In a cohort of roughly one hundred individuals, the monoclonal antibodies targeted a specific inflammatory pathway that drives polyp growth and recurrence. This targeted approach helped patients avoid surgery and the associated anesthesia, stress, and lengthy recovery. In rare cases some polyps may reappear, and surgery could be considered again, but the expected scope of intervention would be smaller and anesthesia less likely to be required.

Another advantage is that patients on this antibody therapy typically do not need hormonal corticosteroids. Corticosteroids may offer short term benefit but carry potential systemic side effects and do not provide a long term solution for many patients.

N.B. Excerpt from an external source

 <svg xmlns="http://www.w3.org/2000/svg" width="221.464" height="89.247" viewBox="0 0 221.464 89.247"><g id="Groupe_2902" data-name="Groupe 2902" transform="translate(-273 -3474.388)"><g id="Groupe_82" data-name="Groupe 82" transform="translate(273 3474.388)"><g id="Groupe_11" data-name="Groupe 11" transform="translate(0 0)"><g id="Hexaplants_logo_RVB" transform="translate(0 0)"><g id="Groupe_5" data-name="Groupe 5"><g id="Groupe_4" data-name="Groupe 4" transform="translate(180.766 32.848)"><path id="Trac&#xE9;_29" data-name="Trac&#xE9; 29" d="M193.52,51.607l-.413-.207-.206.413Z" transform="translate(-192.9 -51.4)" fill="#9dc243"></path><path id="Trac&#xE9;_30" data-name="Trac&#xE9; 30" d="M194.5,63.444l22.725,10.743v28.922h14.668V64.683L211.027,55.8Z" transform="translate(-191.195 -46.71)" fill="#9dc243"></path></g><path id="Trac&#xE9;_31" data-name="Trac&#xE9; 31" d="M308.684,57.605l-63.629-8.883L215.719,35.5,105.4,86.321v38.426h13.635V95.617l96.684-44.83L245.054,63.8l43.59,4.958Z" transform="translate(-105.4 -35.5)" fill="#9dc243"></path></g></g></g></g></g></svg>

The monoclonal antibody protocol aims to reduce polyp activity while minimizing wider health risks.

In related news, researchers have pointed to advances in cancer detection where accuracy reaches about 83 percent without invasive colonoscopy, underscoring a broader push toward safer, less invasive diagnostic and treatment options across medicine.

These developments offer potential implications for patients across North America, including Canada and the United States, as clinicians evaluate how monoclonal antibody therapy for nasal polyps could fit into existing treatment pathways and insurance coverage. They highlight a trend toward personalized medicine, where therapy is tailored to the underlying inflammatory processes rather than relying solely on surgery or broad-spectrum medications. Marked results in early trials are encouraging, and ongoing studies are expected to clarify long term outcomes and any patient selection criteria that optimize benefit.

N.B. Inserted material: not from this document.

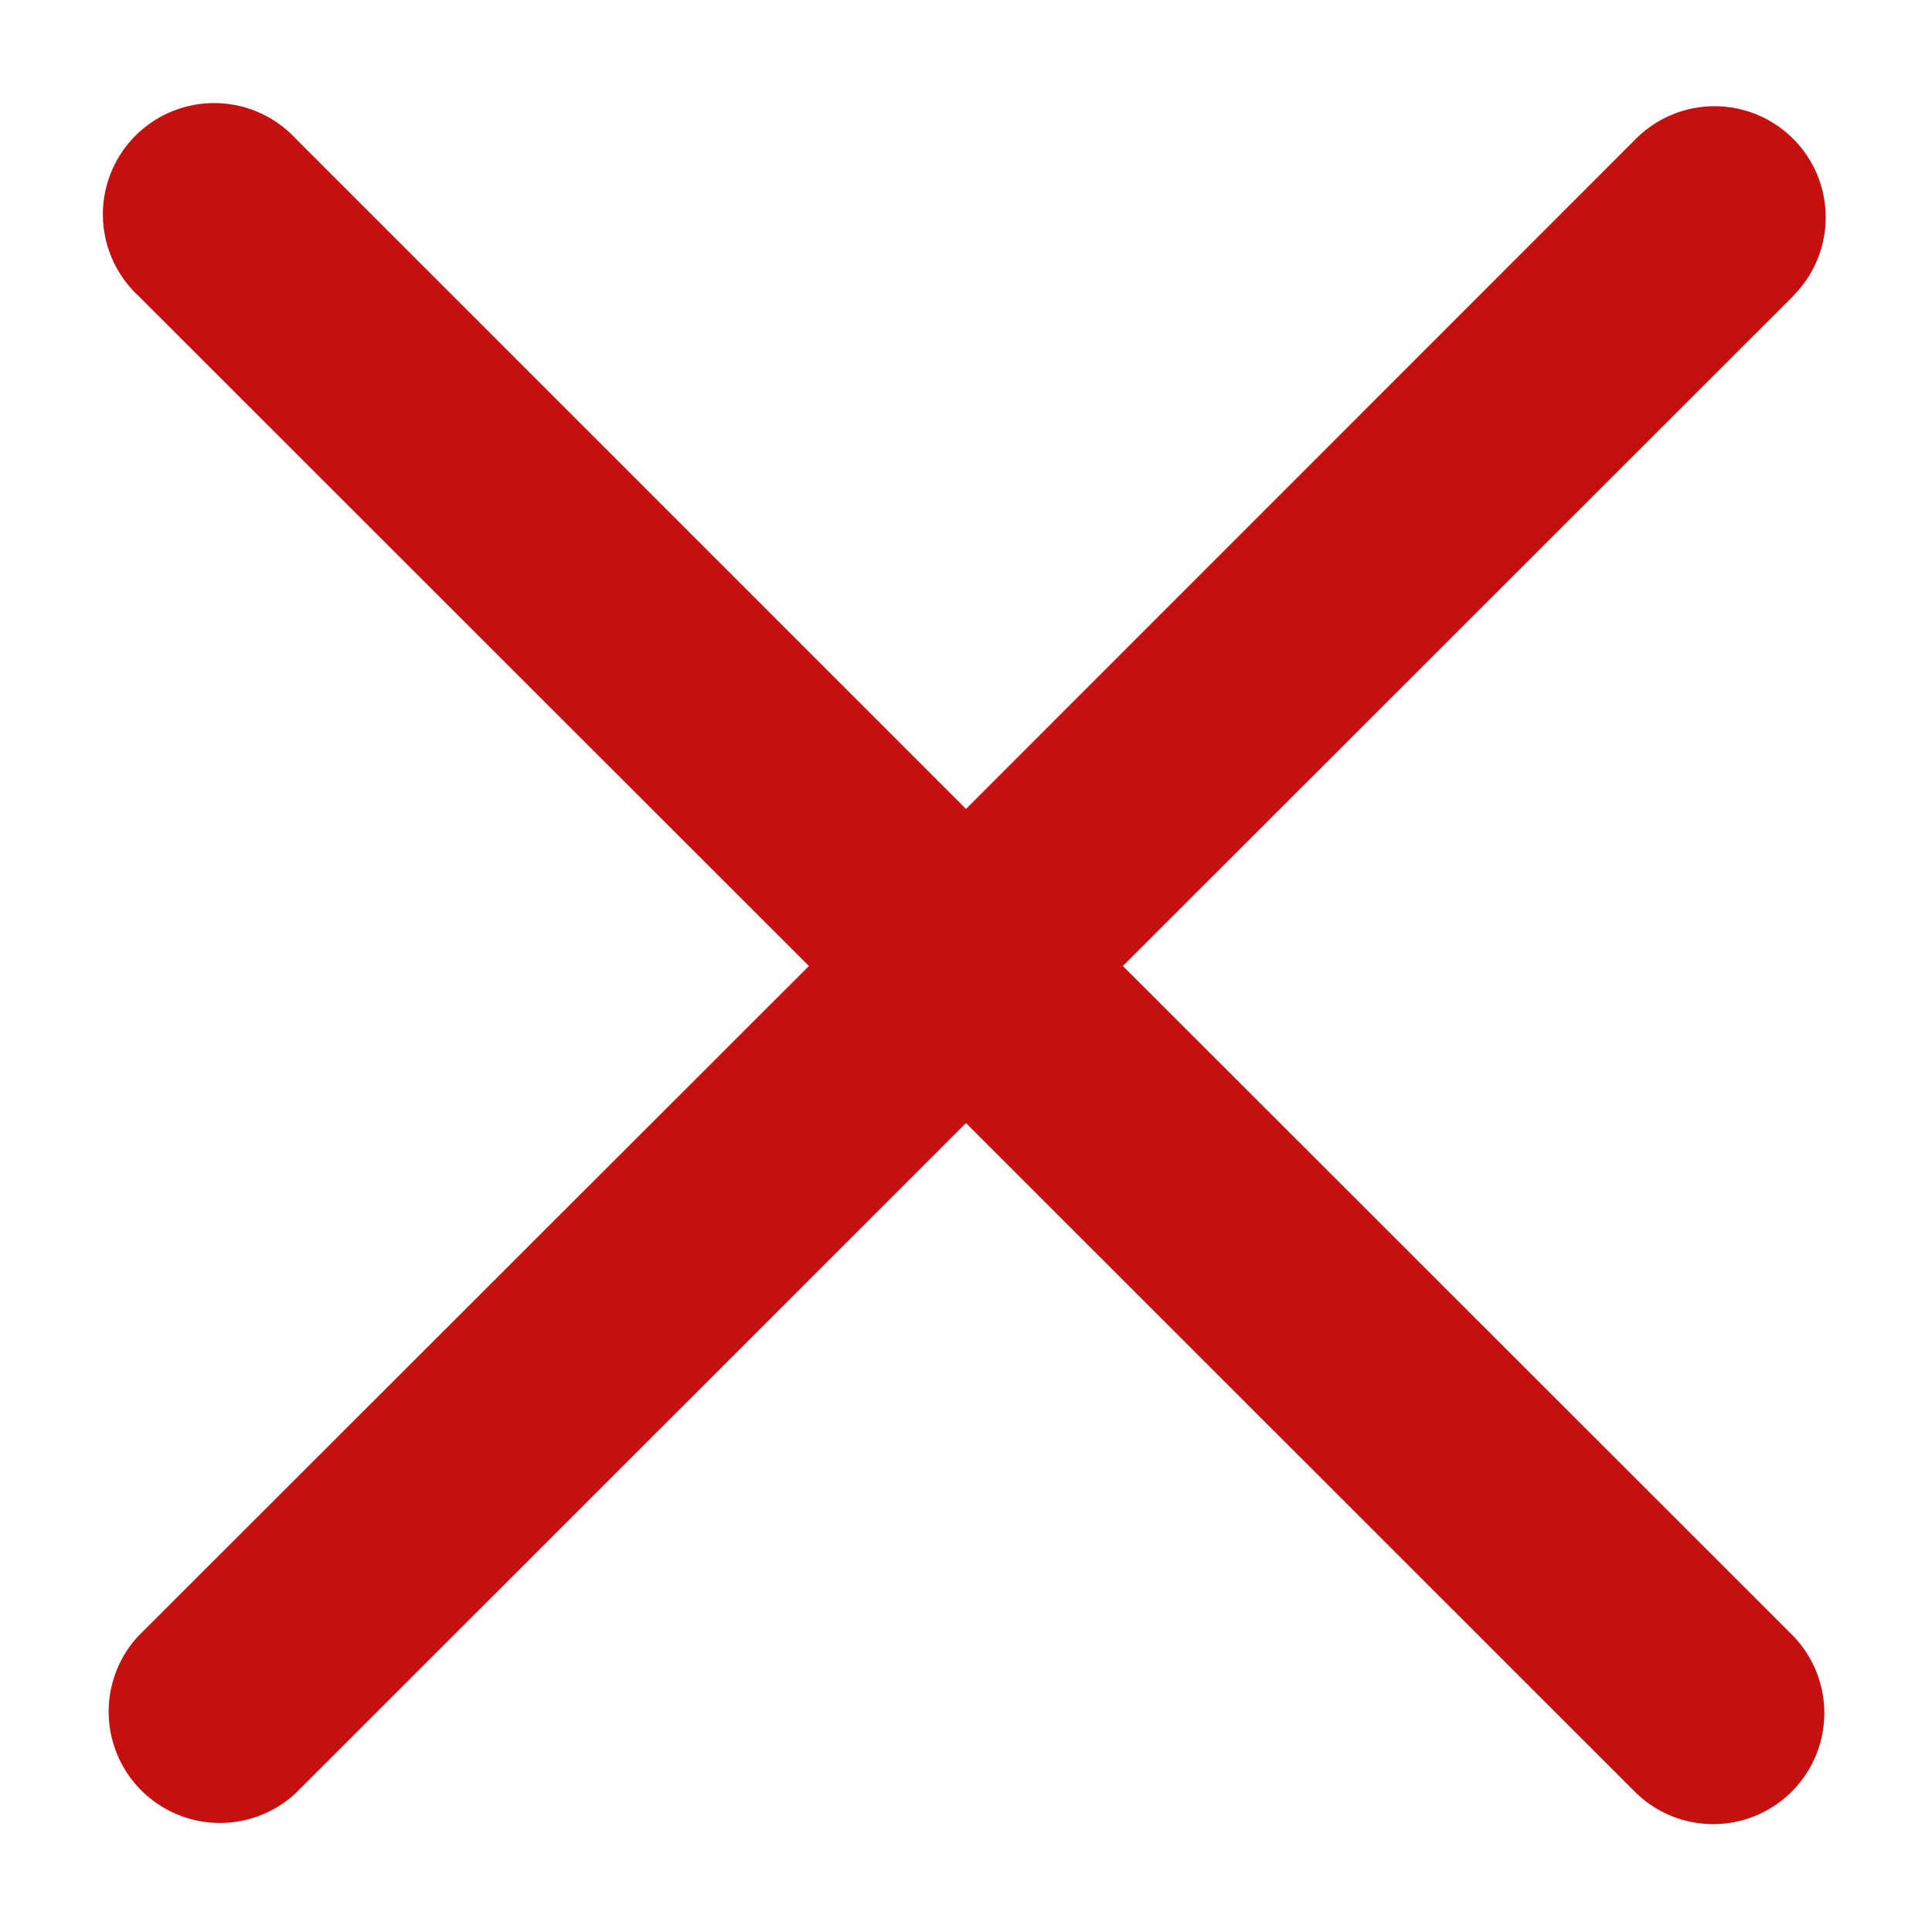 <svg width="10" height="10" fill="none" xmlns="http://www.w3.org/2000/svg"><path fill-rule="evenodd" clip-rule="evenodd" d="M9.281 1.532a.575.575 0 10-.813-.814L5 4.187 1.531.718a.576.576 0 10-.814.814L4.187 5 .716 8.468a.576.576 0 00.814.814L5 5.813l3.47 3.469a.575.575 0 00.812-.814L5.812 5l3.47-3.468z" fill="#c61010"/></svg>

Ultimately, the goal for patients living with nasal polyps is clearer breathing, improved sense of smell, better sleep, and a reduced risk of secondary infections. The monoclonal antibody approach offers a promising alternative that can spare many people from major surgery, while enhancing overall quality of life. Further research and real world experience will determine how widely this therapy becomes part of standard otolaryngology practice and how it will be positioned within Canada and the United States healthcare systems as new guidelines emerge.

Notes for readers indicate that early responses are promising and that science continues to refine treatment protocols to balance efficacy with safety across diverse patient populations. Clinicians emphasize the importance of monitoring and personalized care to ensure the best possible outcomes for individuals with nasal polyps.